Exercise prompt: Transcribe all of the data exactly. Omit the pictures.

Records provided:
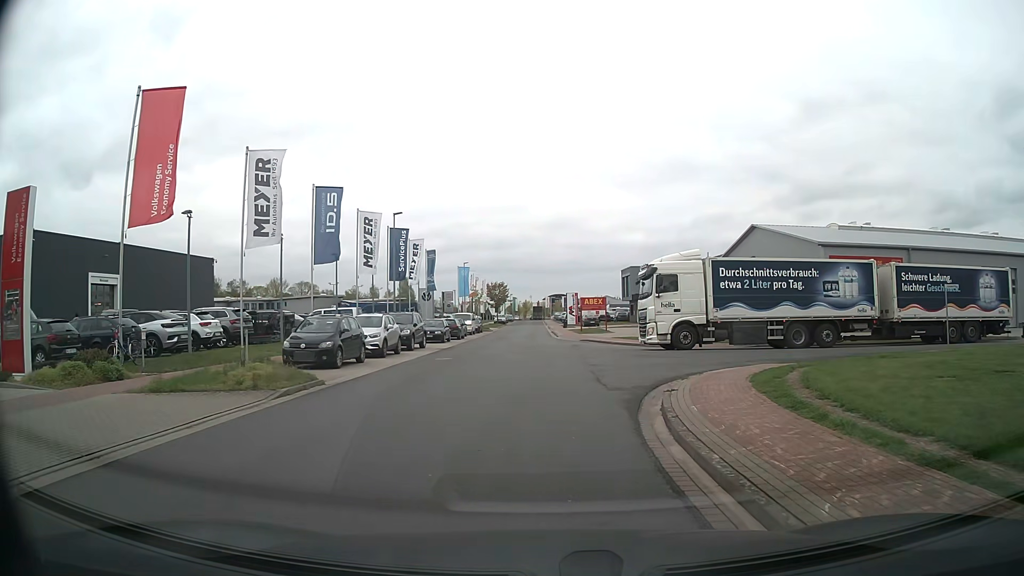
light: Day
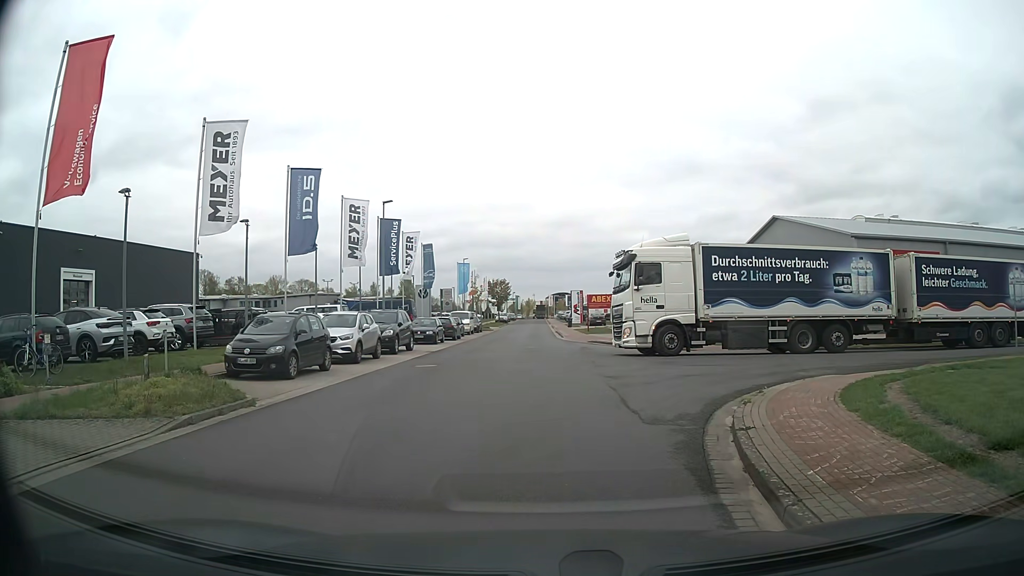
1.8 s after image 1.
(-0.1, +3.7) m; -2°
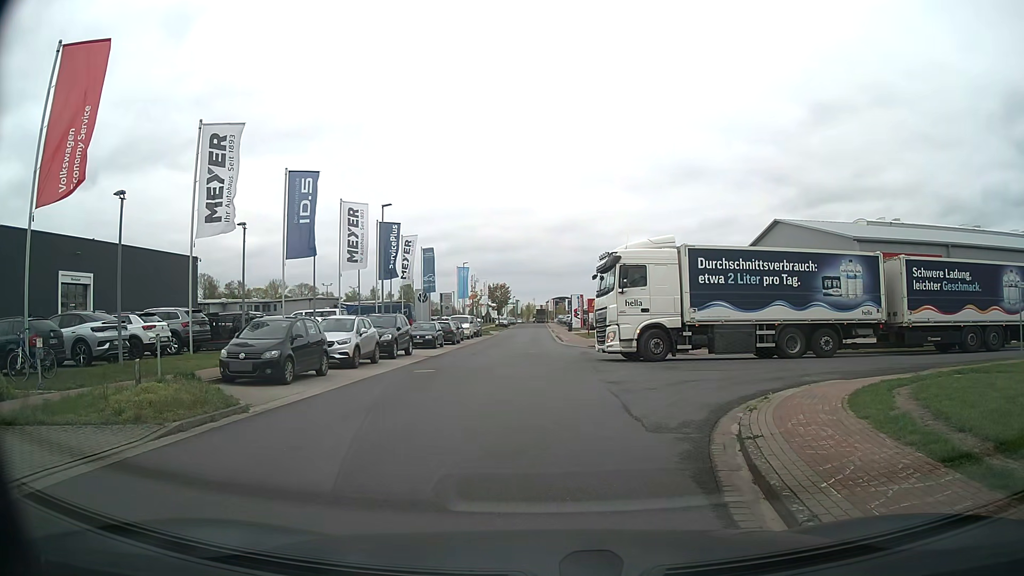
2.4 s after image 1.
(0.0, +0.3) m; 0°
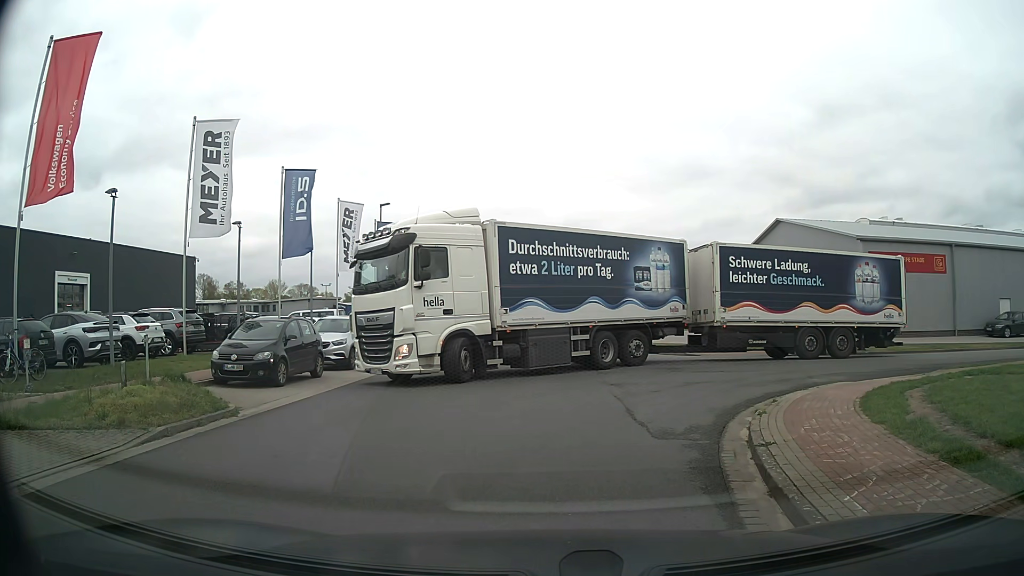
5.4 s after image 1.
(0.0, +0.5) m; 0°
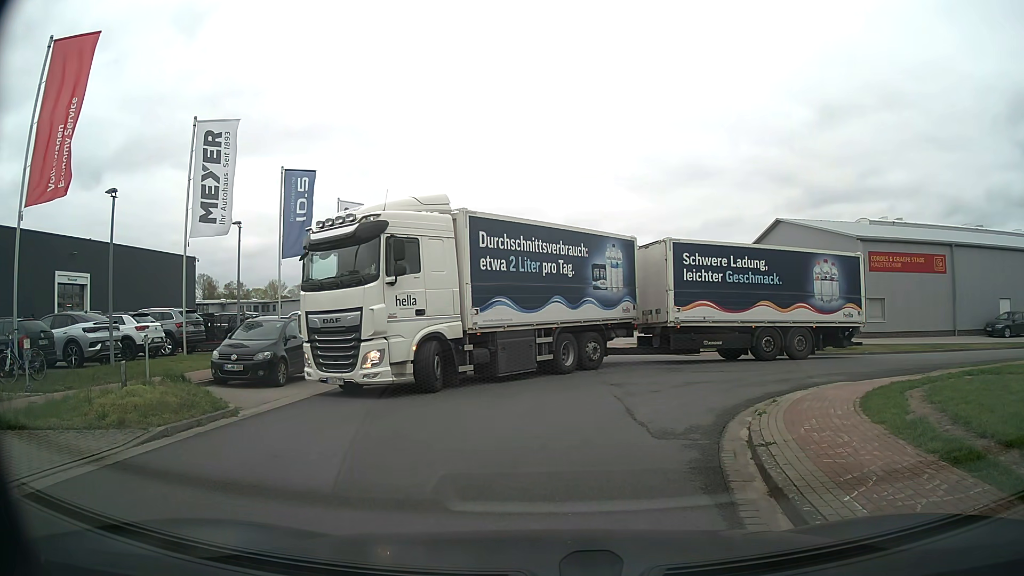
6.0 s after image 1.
(0.0, 0.0) m; 0°
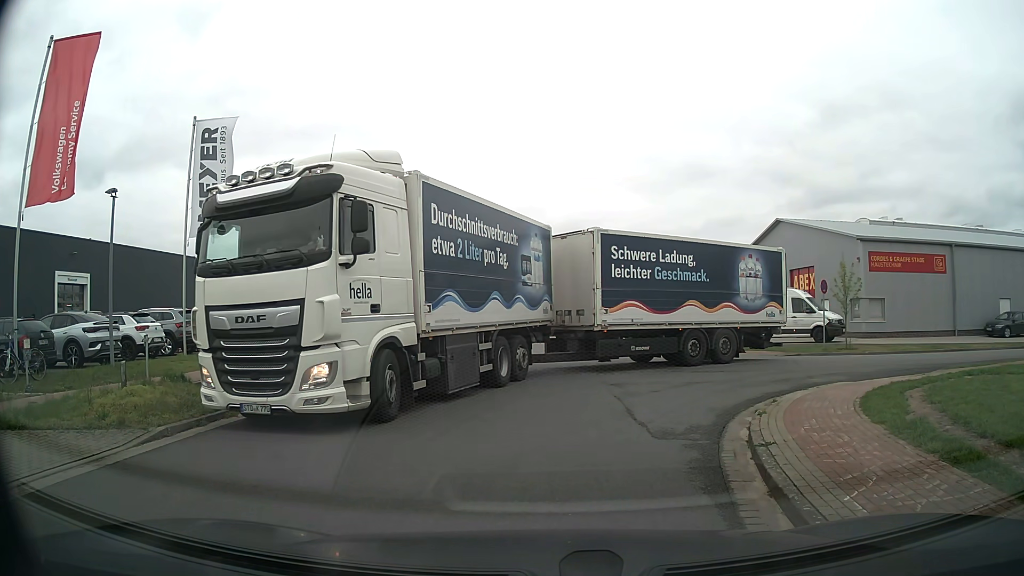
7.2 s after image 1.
(0.0, 0.0) m; 0°
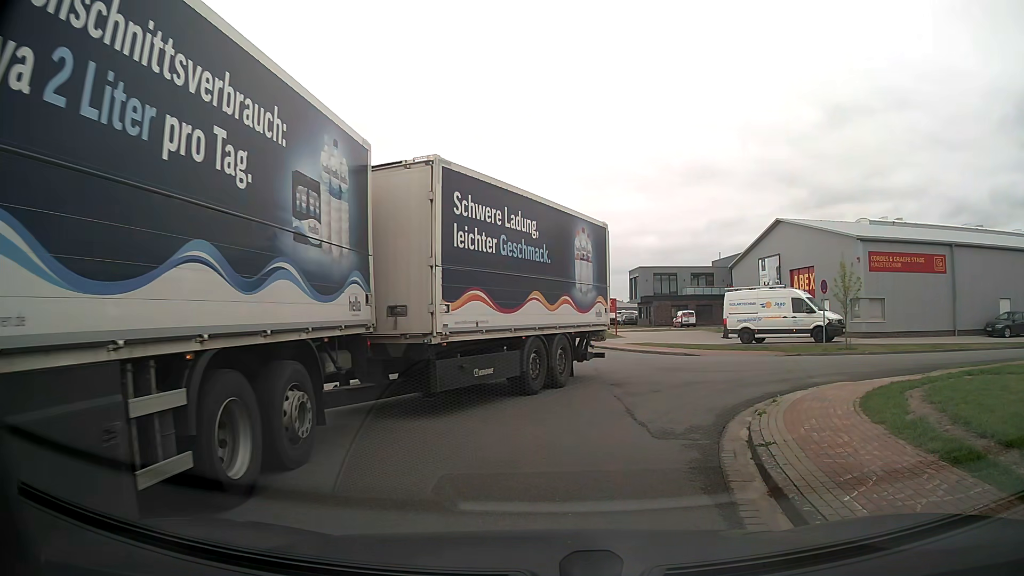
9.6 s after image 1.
(0.0, 0.0) m; 0°
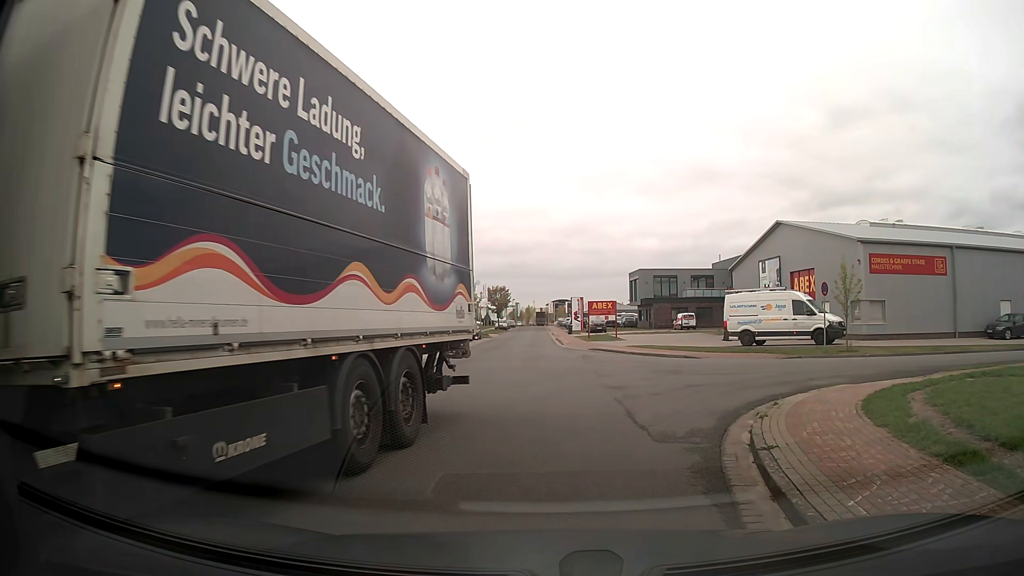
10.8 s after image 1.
(0.0, 0.0) m; 0°

Expected answer:
light: Day
1.8 s after image 1.
(-0.1, +3.7) m; -2°
2.4 s after image 1.
(0.0, +0.3) m; 0°
5.4 s after image 1.
(0.0, +0.5) m; 0°
6.0 s after image 1.
(0.0, 0.0) m; 0°
7.2 s after image 1.
(0.0, 0.0) m; 0°
9.6 s after image 1.
(0.0, 0.0) m; 0°
10.8 s after image 1.
(0.0, 0.0) m; 0°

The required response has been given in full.